Last week, my already neutered cat, Kato, was taken off for a re-neutering.
He’d been missing since Monday night. We are that family in your neighborhood that still lets cats mouse and hunt. He leapt out the back door when Bill got home from work and didn’t come back. Not during the thunderstorm overnight, the pouring down rain the next day, nor into the following evening.
It’s common, by the end of the summer, for them to be smug in their hunting prowess, sleeping under the deck or out in the woods, ignoring our calls and promises of treats.
By the second night, we knew something was wrong. I posted his picture and description on the Livingston County Humane Society’s website and prayed for a phone call.

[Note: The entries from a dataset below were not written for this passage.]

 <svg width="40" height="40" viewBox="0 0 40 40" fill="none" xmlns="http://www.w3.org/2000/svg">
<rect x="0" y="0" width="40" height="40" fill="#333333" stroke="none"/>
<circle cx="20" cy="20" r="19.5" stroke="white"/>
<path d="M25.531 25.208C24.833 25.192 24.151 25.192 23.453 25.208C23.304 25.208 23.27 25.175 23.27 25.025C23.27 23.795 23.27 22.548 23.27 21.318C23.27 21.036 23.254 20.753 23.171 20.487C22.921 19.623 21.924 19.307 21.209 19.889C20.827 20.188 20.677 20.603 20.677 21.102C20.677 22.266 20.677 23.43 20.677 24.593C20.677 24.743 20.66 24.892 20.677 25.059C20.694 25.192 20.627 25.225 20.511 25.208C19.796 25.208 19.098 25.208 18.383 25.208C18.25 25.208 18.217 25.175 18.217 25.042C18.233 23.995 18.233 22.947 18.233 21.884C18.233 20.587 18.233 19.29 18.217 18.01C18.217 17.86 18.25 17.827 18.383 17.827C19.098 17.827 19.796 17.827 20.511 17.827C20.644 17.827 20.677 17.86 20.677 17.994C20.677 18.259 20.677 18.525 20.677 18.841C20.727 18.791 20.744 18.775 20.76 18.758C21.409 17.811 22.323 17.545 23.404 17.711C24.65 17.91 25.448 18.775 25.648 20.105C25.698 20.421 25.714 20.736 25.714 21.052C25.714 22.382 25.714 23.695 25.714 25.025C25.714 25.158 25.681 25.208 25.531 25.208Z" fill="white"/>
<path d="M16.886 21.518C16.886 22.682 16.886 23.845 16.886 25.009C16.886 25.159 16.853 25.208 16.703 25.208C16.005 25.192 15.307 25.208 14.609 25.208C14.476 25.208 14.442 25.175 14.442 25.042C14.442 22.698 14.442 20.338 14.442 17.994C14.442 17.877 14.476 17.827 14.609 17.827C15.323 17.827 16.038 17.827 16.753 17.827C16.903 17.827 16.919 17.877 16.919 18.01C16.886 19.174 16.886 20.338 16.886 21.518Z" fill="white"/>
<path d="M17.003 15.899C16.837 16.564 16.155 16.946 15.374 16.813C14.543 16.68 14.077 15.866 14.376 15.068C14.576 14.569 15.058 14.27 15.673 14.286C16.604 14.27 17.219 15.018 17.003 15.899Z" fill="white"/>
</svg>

We had a false alarm, some man in Howell who wanted me to come right then and pick up a kitty that had been around his house for two months. He clearly had not read my post. I assured him that my cat would’ve needed more than two days to travel the 13 miles to Chilson Road. He finally agreed and wished me luck finding our true cat, who “sounded like a good one.”

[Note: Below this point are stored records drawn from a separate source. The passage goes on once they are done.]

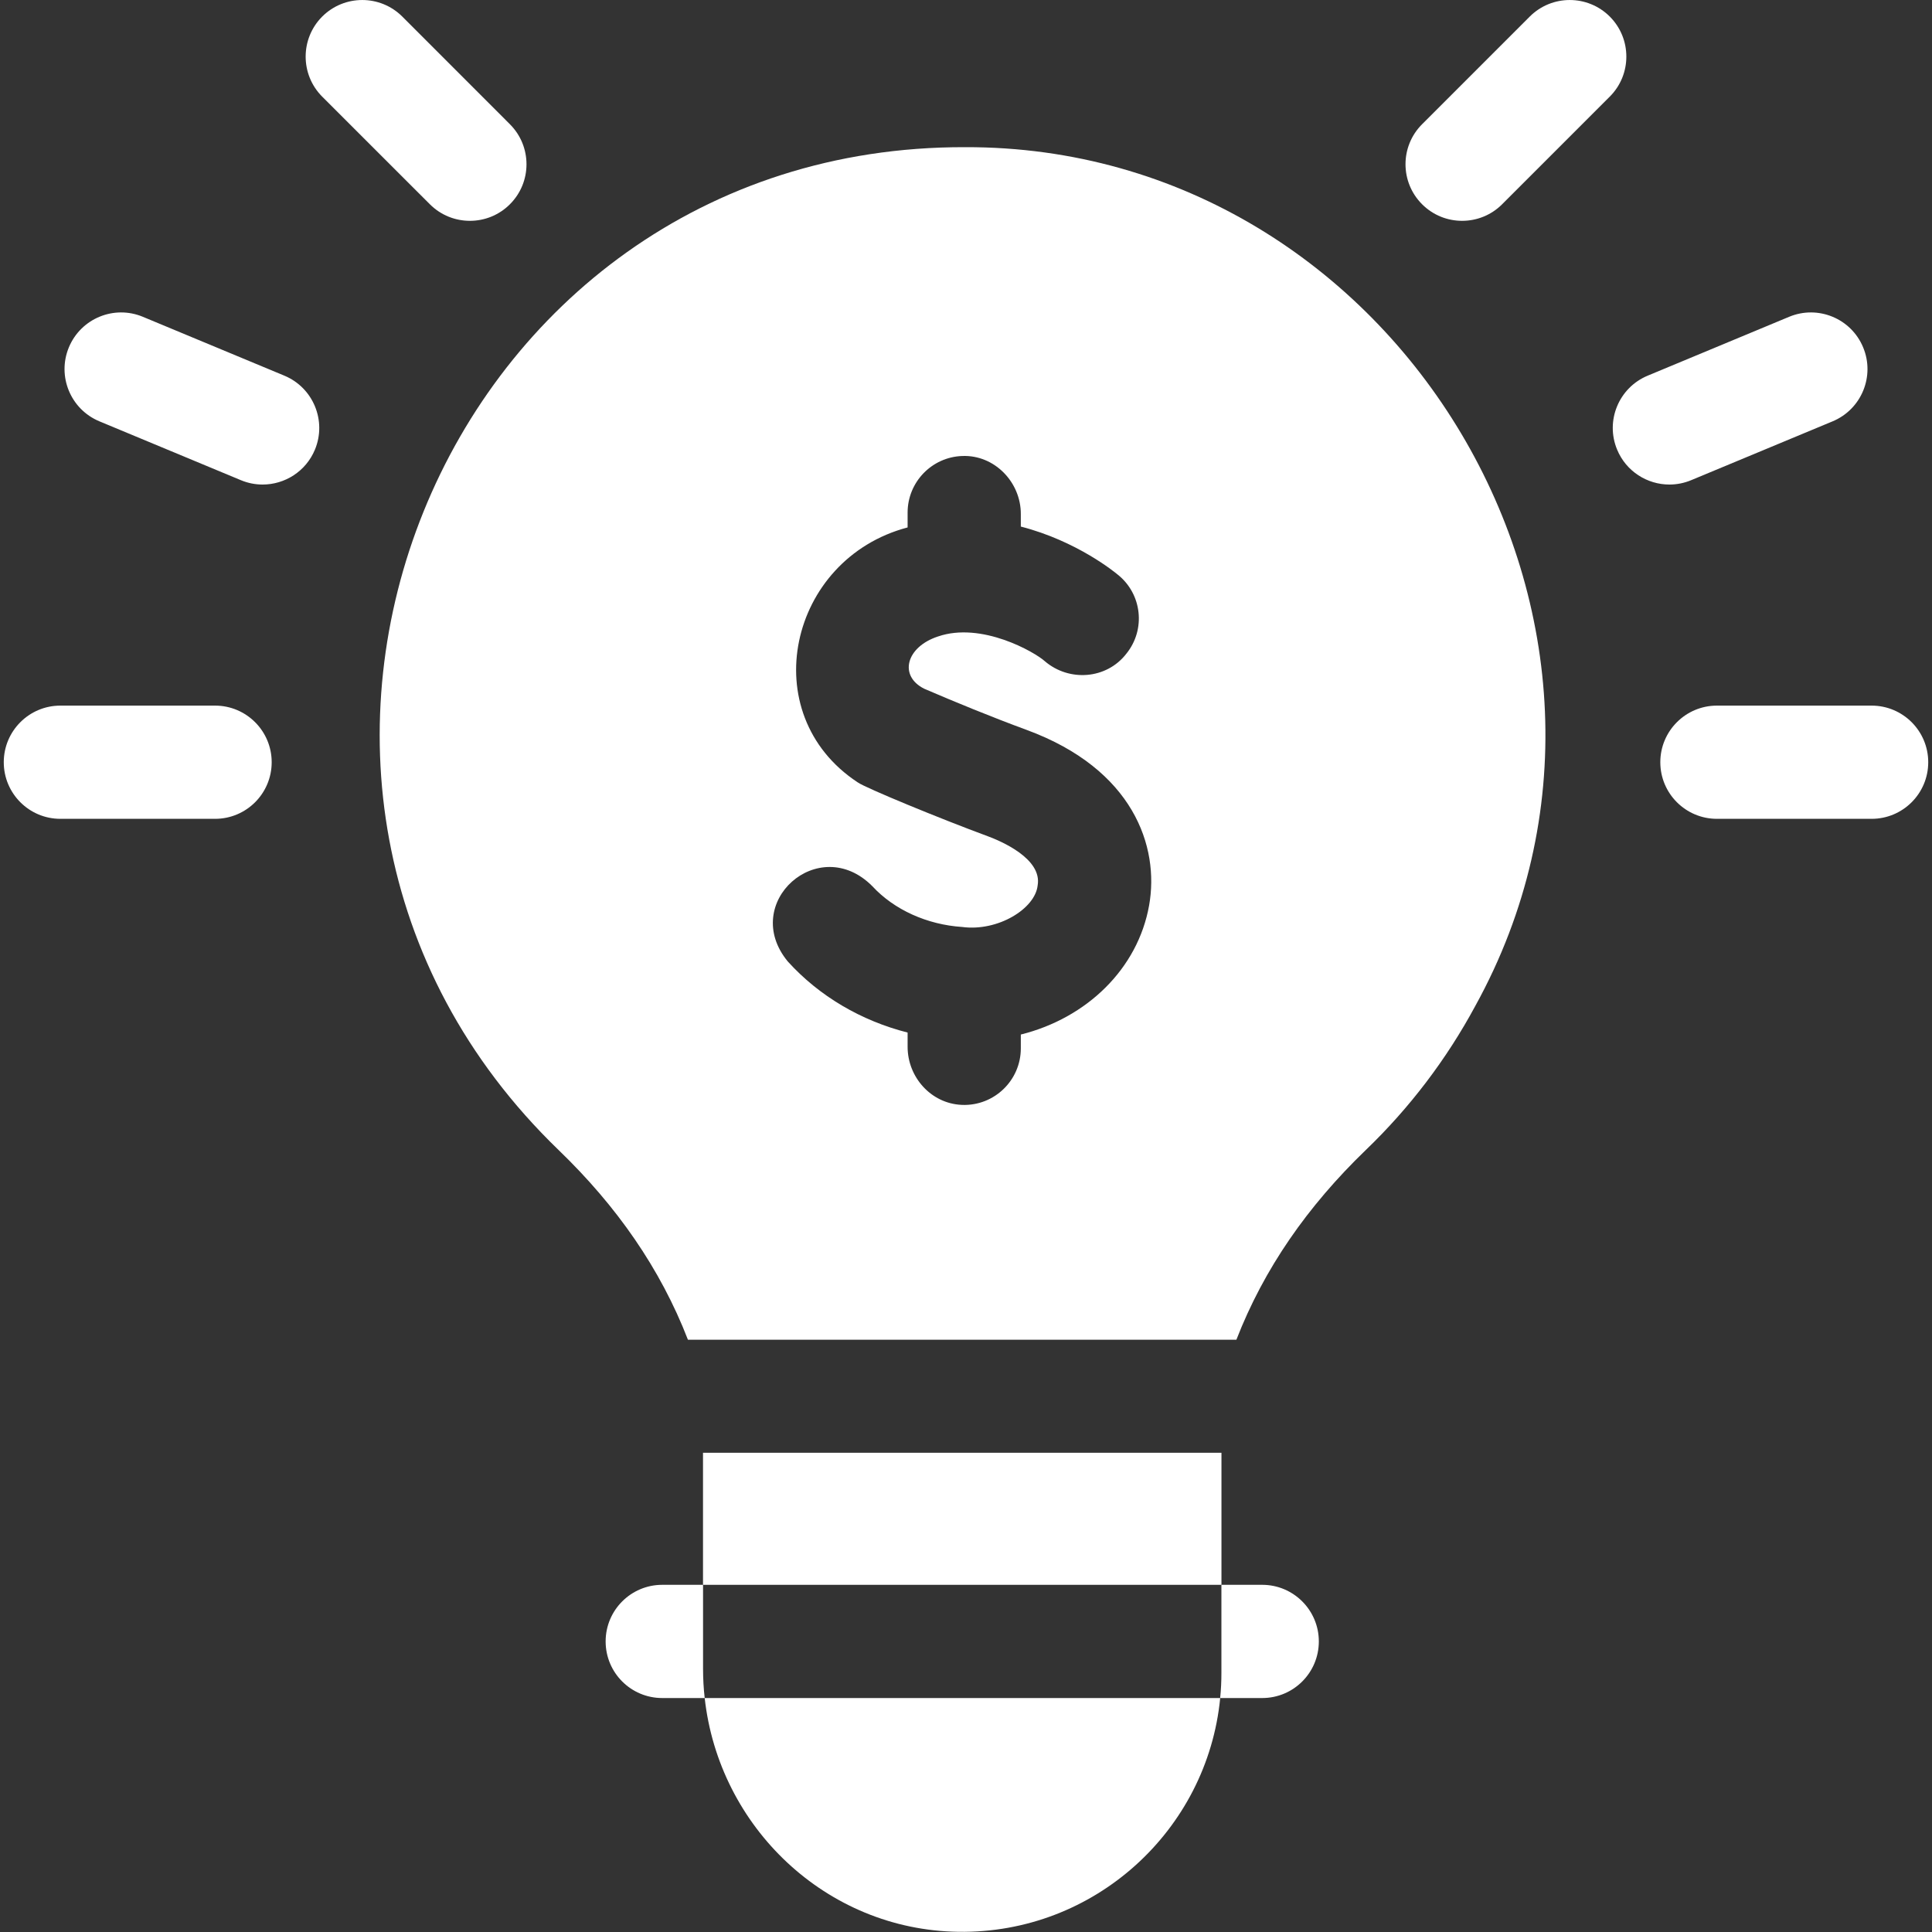 <?xml version="1.0" encoding="UTF-8"?>
<svg xmlns="http://www.w3.org/2000/svg" width="40" height="40" viewBox="0 0 40 40" fill="none">
  <rect x="0" y="0" width="40" height="40" fill="#333333" stroke="none"/>
  <g clip-path="url(#clip0_2178_2393)">
    <path d="M19.839 39.996C22.659 40.039 24.996 37.897 25.263 35.156H14.59C14.884 37.824 17.1 39.955 19.839 39.996Z" fill="white"></path>
    <path d="M14.555 30.078H25.289V32.812H14.555V30.078Z" fill="white"></path>
    <path d="M19.982 3.047C9.111 3.017 3.756 16.275 11.569 23.814C12.769 24.972 13.673 26.265 14.243 27.738H25.598C26.17 26.264 27.073 24.972 28.274 23.813C29.184 22.939 29.948 21.933 30.545 20.826C34.882 12.965 28.955 3.022 19.982 3.047ZM23.791 18.746C23.557 20.057 22.502 21.078 21.135 21.419V21.705C21.135 22.366 20.587 22.899 19.921 22.876C19.916 22.876 19.912 22.875 19.906 22.875C19.276 22.845 18.791 22.302 18.791 21.672V21.378C17.829 21.133 16.962 20.626 16.31 19.906C15.313 18.695 16.953 17.231 18.061 18.348C18.512 18.836 19.195 19.144 19.921 19.192C20.662 19.29 21.43 18.814 21.483 18.334C21.583 17.777 20.718 17.412 20.45 17.313C19.471 16.952 17.909 16.309 17.758 16.198C15.606 14.782 16.329 11.569 18.791 10.92V10.613C18.791 9.98 19.293 9.463 19.921 9.441C20.587 9.413 21.138 9.981 21.135 10.645V10.902C22.3 11.202 23.087 11.852 23.139 11.895C23.644 12.295 23.727 13.031 23.32 13.534C22.91 14.065 22.134 14.121 21.63 13.688C21.424 13.502 20.323 12.866 19.419 13.178C18.761 13.394 18.602 13.992 19.134 14.259C19.748 14.524 20.53 14.845 21.261 15.114C23.459 15.925 24.009 17.522 23.791 18.746Z" fill="white"></path>
    <path d="M38.75 14.609H35.547C34.9 14.609 34.375 15.134 34.375 15.781C34.375 16.428 34.9 16.953 35.547 16.953H38.75C39.397 16.953 39.922 16.428 39.922 15.781C39.922 15.134 39.397 14.609 38.75 14.609Z" fill="white"></path>
    <path d="M33.329 0.343C32.871 -0.114 32.129 -0.114 31.672 0.343L29.443 2.572C28.985 3.029 28.985 3.771 29.443 4.229C29.672 4.458 29.971 4.572 30.271 4.572C30.571 4.572 30.871 4.458 31.1 4.229L33.329 2C33.786 1.543 33.786 0.801 33.329 0.343Z" fill="white"></path>
    <path d="M35.013 9.942L37.943 8.723C38.54 8.474 38.823 7.788 38.574 7.191C38.326 6.593 37.64 6.31 37.042 6.559L34.113 7.778C33.515 8.027 33.232 8.713 33.481 9.31C33.668 9.76 34.104 10.032 34.563 10.032C34.713 10.032 34.866 10.003 35.013 9.942Z" fill="white"></path>
    <path d="M4.453 14.609H1.25C0.603 14.609 0.078 15.134 0.078 15.781C0.078 16.428 0.603 16.953 1.25 16.953H4.453C5.1 16.953 5.625 16.428 5.625 15.781C5.625 15.134 5.1 14.609 4.453 14.609Z" fill="white"></path>
    <path d="M9.729 4.572C10.028 4.572 10.329 4.458 10.557 4.229C11.015 3.772 11.015 3.03 10.557 2.572L8.329 0.343C7.871 -0.114 7.129 -0.114 6.671 0.343C6.214 0.801 6.214 1.543 6.671 2.001L8.9 4.229C9.129 4.458 9.429 4.572 9.729 4.572Z" fill="white"></path>
    <path d="M5.888 7.778L2.958 6.559C2.361 6.31 1.675 6.593 1.426 7.191C1.178 7.788 1.46 8.474 2.058 8.723L4.988 9.942C5.135 10.003 5.287 10.032 5.437 10.032C5.896 10.032 6.332 9.761 6.52 9.31C6.768 8.713 6.485 8.027 5.888 7.778Z" fill="white"></path>
    <path d="M14.556 32.812H13.711C13.063 32.812 12.539 33.337 12.539 33.984C12.539 34.632 13.063 35.156 13.711 35.156H14.59C14.567 34.956 14.556 34.754 14.556 34.548V32.812Z" fill="white"></path>
    <path d="M26.133 32.812H25.288V34.63C25.288 34.808 25.28 34.983 25.262 35.156H26.133C26.78 35.156 27.305 34.632 27.305 33.984C27.305 33.337 26.78 32.812 26.133 32.812Z" fill="white"></path>
  </g>
  <defs>
    <clipPath id="clip0_2178_2393">
      <rect width="40" height="40" fill="white"></rect>
    </clipPath>
  </defs>
</svg>

Friday morning, I got a call at work from a neighbor. Pictures were exchanged over phones. He’d been found across the street and two backyards away. I drove home to fetch him.
In the three days in which my neighbor had care of Kato, here is what happened to him:
- He went to the the Ann Arbor Human Society for neutering. He stayed overnight. They knocked him out, clipped his ear – the visible sign that a feral cat is spayed/neutered, prepped and shaved him, and realized he was already neutered. When she picked him up, they “forgot” to tell her about that. They made her promise to bring back vet papers for a full refund.
- He had a fever, after his stay, so he went to Town & Country Veterinary Hospital (which is, coincidentally, where he goes, when he does) for an antibiotic. His exam totaled $105.82.
- He bunked down in her garage because her two house cats are “mean” and couldn’t stand him in the house.
And then, our neighbor saw our post. She said she assumed he was feral, because he’d eaten a can of cat food on her deck for two months. It did not occur to her that Kato simply came for the free lunch. I put him in my lap and drove him around the corner to his home.
Having never been sick in his life, even with the wide variety of rodent life he’s consumed (albiet an occasional hairball), he proceeded to recover from a cat cold, but not before passing it on to our second cat, Kota. Two sick cats pace the floor, one with a clipped ear and a “high and tight” cut on his backside. They climb the French door screen to indicate their desire to travel. The chipmunk population is laughing giddily.
It’s not safe to stray anymore. Our freedoms, even in the cat kingdom, are more and more restricted.
Oh, we’ve developed all sorts of safe zones – snap-off collars for identity tags, micro-chipping – but most people just pull out their front claws when they’re kittens and keep them inside. An outdoor cat has a 6-7 year expected life span, but those indoor kitties live 14 years and upward.
The thing is, for wandering “feral” cats, there’s a shoot-to-kill ordinance if they trespass into your yard.
Doesn’t matter; if you think they’re feral and they’re on your grass, you can grab your gun and kill them.
This is a modern convention. My mother-in-law, who’s 89, heard the story and was dismayed. Her childhood cats always roamed and wandered, as they performed the job to which they were bred. My own grandfather’s farm had barn cats, always on the prowl. At my brother and sister-in-law’s farm, today, they’ve taken in each cat for a clipped ear, euphemistically speaking, while they keep the mice from eating expensive feed.
Gone are those lazy, summer days with soft sunlight dappling the woods, with two cats roaming and protecting our attic and basement from pesky mice. It’s not safe to stray, and in all our worldly ways of man-made protection, we’ve successfully reduced freedoms.
Cats are not the only ones to which this is happening. We’re just too smug to see it and return home.
The pictures are of our cats outdoors: Kato is grey and Kota is black.